Work item: Transcribe the following entries letter for letter, without the pictures.

Data for review:
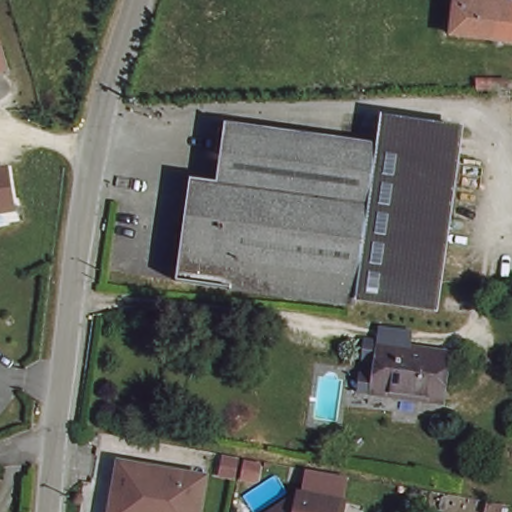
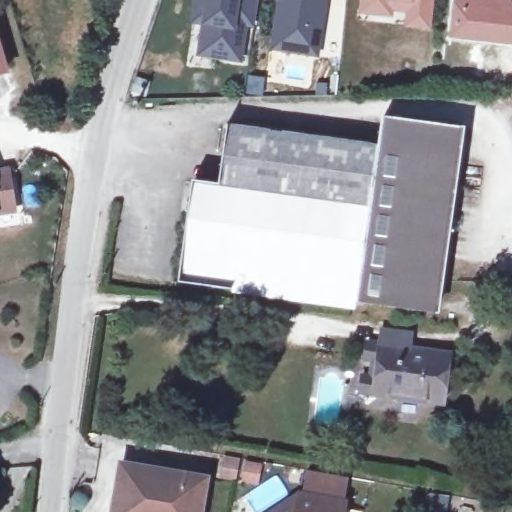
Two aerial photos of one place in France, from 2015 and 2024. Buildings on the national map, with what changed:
new [(217,57),(219,45),(202,42),(205,23),(194,21),(197,0),(258,0),(255,25),(246,24),(241,61),(217,57)]
new [(291,51),(294,36),(276,33),(281,0),(326,0),(318,55),(291,51)]
new [(435,0),(432,31),(402,27),(404,14),(394,13),(394,19),(358,14),(359,0),(435,0)]
unchanged [(458,0),(509,0),(509,6),(512,7),(512,43),(454,36),(458,0)]
unchanged [(5,75),(0,76),(0,61),(5,75)]
unchanged [(479,81),(485,82),(507,83),(508,91),(478,91),(479,81)]
unchanged [(462,136),(437,313),(356,303),(354,311),(178,287),(193,186),(219,189),(228,129),(378,151),(383,125),(462,136)]
unchanged [(3,166),(11,205),(0,207),(0,166),(3,166)]
unchanged [(377,385),(380,363),(366,361),(368,348),(381,350),(383,335),(411,339),(409,353),(451,358),(444,407),(376,398),(361,396),(363,383),(377,385)]
unchanged [(125,463),(147,467),(190,475),(210,478),(203,512),(116,512),(125,463)]
unchanged [(303,495),(307,467),(349,473),(348,503),(303,495)]
unchanged [(341,509),(340,512),(277,512),(296,500),(341,509)]
unchanged [(504,509),(503,512),(487,512),(489,506),(504,509)]

Solution to this problem:
Two aerial photos of one place in France, from 2015 and 2024. Buildings on the national map, with what changed:
new [(217,57),(219,45),(202,42),(205,23),(194,21),(197,0),(258,0),(255,25),(246,24),(241,61),(217,57)]
new [(291,51),(294,36),(276,33),(281,0),(326,0),(318,55),(291,51)]
new [(435,0),(432,31),(402,27),(404,14),(394,13),(394,19),(358,14),(359,0),(435,0)]
unchanged [(458,0),(509,0),(509,6),(512,7),(512,43),(454,36),(458,0)]
unchanged [(5,75),(0,76),(0,61),(5,75)]
unchanged [(479,81),(485,82),(507,83),(508,91),(478,91),(479,81)]
unchanged [(462,136),(437,313),(356,303),(354,311),(178,287),(193,186),(219,189),(228,129),(378,151),(383,125),(462,136)]
unchanged [(3,166),(11,205),(0,207),(0,166),(3,166)]
unchanged [(377,385),(380,363),(366,361),(368,348),(381,350),(383,335),(411,339),(409,353),(451,358),(444,407),(376,398),(361,396),(363,383),(377,385)]
unchanged [(125,463),(147,467),(190,475),(210,478),(203,512),(116,512),(125,463)]
unchanged [(303,495),(307,467),(349,473),(348,503),(303,495)]
unchanged [(341,509),(340,512),(277,512),(296,500),(341,509)]
unchanged [(504,509),(503,512),(487,512),(489,506),(504,509)]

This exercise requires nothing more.